Description of the task – Output each entry verbatim.

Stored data
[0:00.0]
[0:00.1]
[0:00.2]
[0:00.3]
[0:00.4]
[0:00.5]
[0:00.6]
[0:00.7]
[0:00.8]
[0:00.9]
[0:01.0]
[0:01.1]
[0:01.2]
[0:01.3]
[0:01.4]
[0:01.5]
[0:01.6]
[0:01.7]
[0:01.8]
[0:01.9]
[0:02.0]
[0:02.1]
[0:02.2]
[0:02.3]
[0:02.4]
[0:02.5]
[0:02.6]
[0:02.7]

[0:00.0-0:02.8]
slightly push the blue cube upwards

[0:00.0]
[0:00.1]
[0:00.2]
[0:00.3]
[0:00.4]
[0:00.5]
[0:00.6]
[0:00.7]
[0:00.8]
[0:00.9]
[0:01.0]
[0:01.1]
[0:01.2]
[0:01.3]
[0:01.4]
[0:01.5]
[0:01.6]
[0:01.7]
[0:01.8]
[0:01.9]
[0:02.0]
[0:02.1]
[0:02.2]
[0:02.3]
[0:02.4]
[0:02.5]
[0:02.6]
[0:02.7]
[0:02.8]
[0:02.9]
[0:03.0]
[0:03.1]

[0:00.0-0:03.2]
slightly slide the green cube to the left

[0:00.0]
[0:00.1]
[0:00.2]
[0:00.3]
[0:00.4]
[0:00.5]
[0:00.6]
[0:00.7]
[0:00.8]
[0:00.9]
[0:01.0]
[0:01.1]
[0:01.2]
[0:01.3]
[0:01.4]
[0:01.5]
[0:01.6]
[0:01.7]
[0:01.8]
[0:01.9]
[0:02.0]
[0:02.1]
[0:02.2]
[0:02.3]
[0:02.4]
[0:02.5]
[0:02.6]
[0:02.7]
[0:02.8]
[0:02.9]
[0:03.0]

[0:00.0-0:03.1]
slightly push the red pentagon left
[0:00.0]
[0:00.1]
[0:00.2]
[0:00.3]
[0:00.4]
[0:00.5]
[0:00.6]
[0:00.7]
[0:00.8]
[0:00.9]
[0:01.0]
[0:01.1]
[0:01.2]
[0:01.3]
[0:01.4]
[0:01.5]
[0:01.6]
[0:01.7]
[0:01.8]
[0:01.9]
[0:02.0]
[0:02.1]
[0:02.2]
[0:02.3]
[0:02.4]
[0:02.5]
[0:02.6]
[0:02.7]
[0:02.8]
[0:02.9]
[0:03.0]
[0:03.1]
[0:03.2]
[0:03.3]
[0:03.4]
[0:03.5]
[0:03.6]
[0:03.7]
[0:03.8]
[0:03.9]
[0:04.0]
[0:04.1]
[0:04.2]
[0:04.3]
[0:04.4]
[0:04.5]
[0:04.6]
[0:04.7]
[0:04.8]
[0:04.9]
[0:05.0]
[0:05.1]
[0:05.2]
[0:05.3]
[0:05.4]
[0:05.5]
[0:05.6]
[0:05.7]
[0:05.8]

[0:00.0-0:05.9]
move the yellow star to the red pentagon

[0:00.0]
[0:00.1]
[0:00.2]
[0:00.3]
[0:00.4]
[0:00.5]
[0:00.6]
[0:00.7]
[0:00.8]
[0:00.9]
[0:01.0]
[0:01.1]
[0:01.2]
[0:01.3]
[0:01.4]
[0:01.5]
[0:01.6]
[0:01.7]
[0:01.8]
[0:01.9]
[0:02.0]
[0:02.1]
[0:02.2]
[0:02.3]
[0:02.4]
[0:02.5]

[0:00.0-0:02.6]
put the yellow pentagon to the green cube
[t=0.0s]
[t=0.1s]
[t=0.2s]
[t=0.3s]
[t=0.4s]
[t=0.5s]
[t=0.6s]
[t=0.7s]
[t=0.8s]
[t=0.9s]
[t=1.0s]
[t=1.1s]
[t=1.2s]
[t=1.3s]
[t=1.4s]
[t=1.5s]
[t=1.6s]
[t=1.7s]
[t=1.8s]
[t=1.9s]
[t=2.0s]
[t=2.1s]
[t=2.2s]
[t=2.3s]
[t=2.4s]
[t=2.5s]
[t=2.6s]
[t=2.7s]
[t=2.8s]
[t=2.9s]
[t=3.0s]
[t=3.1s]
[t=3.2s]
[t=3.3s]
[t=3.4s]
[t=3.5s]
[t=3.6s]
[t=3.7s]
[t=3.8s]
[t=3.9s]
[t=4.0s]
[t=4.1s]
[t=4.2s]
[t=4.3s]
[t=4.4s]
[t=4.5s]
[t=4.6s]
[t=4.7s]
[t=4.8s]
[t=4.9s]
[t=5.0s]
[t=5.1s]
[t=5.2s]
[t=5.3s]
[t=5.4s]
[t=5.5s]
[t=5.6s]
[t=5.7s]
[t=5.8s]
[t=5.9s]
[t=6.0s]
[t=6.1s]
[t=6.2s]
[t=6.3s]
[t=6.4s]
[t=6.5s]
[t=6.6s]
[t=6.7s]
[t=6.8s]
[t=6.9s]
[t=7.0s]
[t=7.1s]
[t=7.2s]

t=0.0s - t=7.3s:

Response to this task –
[0:00.0]
[0:00.1]
[0:00.2]
[0:00.3]
[0:00.4]
[0:00.5]
[0:00.6]
[0:00.7]
[0:00.8]
[0:00.9]
[0:01.0]
[0:01.1]
[0:01.2]
[0:01.3]
[0:01.4]
[0:01.5]
[0:01.6]
[0:01.7]
[0:01.8]
[0:01.9]
[0:02.0]
[0:02.1]
[0:02.2]
[0:02.3]
[0:02.4]
[0:02.5]
[0:02.6]
[0:02.7]

[0:00.0-0:02.8]
slightly push the blue cube upwards

[0:00.0]
[0:00.1]
[0:00.2]
[0:00.3]
[0:00.4]
[0:00.5]
[0:00.6]
[0:00.7]
[0:00.8]
[0:00.9]
[0:01.0]
[0:01.1]
[0:01.2]
[0:01.3]
[0:01.4]
[0:01.5]
[0:01.6]
[0:01.7]
[0:01.8]
[0:01.9]
[0:02.0]
[0:02.1]
[0:02.2]
[0:02.3]
[0:02.4]
[0:02.5]
[0:02.6]
[0:02.7]
[0:02.8]
[0:02.9]
[0:03.0]
[0:03.1]

[0:00.0-0:03.2]
slightly slide the green cube to the left

[0:00.0]
[0:00.1]
[0:00.2]
[0:00.3]
[0:00.4]
[0:00.5]
[0:00.6]
[0:00.7]
[0:00.8]
[0:00.9]
[0:01.0]
[0:01.1]
[0:01.2]
[0:01.3]
[0:01.4]
[0:01.5]
[0:01.6]
[0:01.7]
[0:01.8]
[0:01.9]
[0:02.0]
[0:02.1]
[0:02.2]
[0:02.3]
[0:02.4]
[0:02.5]
[0:02.6]
[0:02.7]
[0:02.8]
[0:02.9]
[0:03.0]

[0:00.0-0:03.1]
slightly push the red pentagon left
[0:00.0]
[0:00.1]
[0:00.2]
[0:00.3]
[0:00.4]
[0:00.5]
[0:00.6]
[0:00.7]
[0:00.8]
[0:00.9]
[0:01.0]
[0:01.1]
[0:01.2]
[0:01.3]
[0:01.4]
[0:01.5]
[0:01.6]
[0:01.7]
[0:01.8]
[0:01.9]
[0:02.0]
[0:02.1]
[0:02.2]
[0:02.3]
[0:02.4]
[0:02.5]
[0:02.6]
[0:02.7]
[0:02.8]
[0:02.9]
[0:03.0]
[0:03.1]
[0:03.2]
[0:03.3]
[0:03.4]
[0:03.5]
[0:03.6]
[0:03.7]
[0:03.8]
[0:03.9]
[0:04.0]
[0:04.1]
[0:04.2]
[0:04.3]
[0:04.4]
[0:04.5]
[0:04.6]
[0:04.7]
[0:04.8]
[0:04.9]
[0:05.0]
[0:05.1]
[0:05.2]
[0:05.3]
[0:05.4]
[0:05.5]
[0:05.6]
[0:05.7]
[0:05.8]

[0:00.0-0:05.9]
move the yellow star to the red pentagon

[0:00.0]
[0:00.1]
[0:00.2]
[0:00.3]
[0:00.4]
[0:00.5]
[0:00.6]
[0:00.7]
[0:00.8]
[0:00.9]
[0:01.0]
[0:01.1]
[0:01.2]
[0:01.3]
[0:01.4]
[0:01.5]
[0:01.6]
[0:01.7]
[0:01.8]
[0:01.9]
[0:02.0]
[0:02.1]
[0:02.2]
[0:02.3]
[0:02.4]
[0:02.5]

[0:00.0-0:02.6]
put the yellow pentagon to the green cube
[t=0.0s]
[t=0.1s]
[t=0.2s]
[t=0.3s]
[t=0.4s]
[t=0.5s]
[t=0.6s]
[t=0.7s]
[t=0.8s]
[t=0.9s]
[t=1.0s]
[t=1.1s]
[t=1.2s]
[t=1.3s]
[t=1.4s]
[t=1.5s]
[t=1.6s]
[t=1.7s]
[t=1.8s]
[t=1.9s]
[t=2.0s]
[t=2.1s]
[t=2.2s]
[t=2.3s]
[t=2.4s]
[t=2.5s]
[t=2.6s]
[t=2.7s]
[t=2.8s]
[t=2.9s]
[t=3.0s]
[t=3.1s]
[t=3.2s]
[t=3.3s]
[t=3.4s]
[t=3.5s]
[t=3.6s]
[t=3.7s]
[t=3.8s]
[t=3.9s]
[t=4.0s]
[t=4.1s]
[t=4.2s]
[t=4.3s]
[t=4.4s]
[t=4.5s]
[t=4.6s]
[t=4.7s]
[t=4.8s]
[t=4.9s]
[t=5.0s]
[t=5.1s]
[t=5.2s]
[t=5.3s]
[t=5.4s]
[t=5.5s]
[t=5.6s]
[t=5.7s]
[t=5.8s]
[t=5.9s]
[t=6.0s]
[t=6.1s]
[t=6.2s]
[t=6.3s]
[t=6.4s]
[t=6.5s]
[t=6.6s]
[t=6.7s]
[t=6.8s]
[t=6.9s]
[t=7.0s]
[t=7.1s]
[t=7.2s]

t=0.0s - t=7.3s:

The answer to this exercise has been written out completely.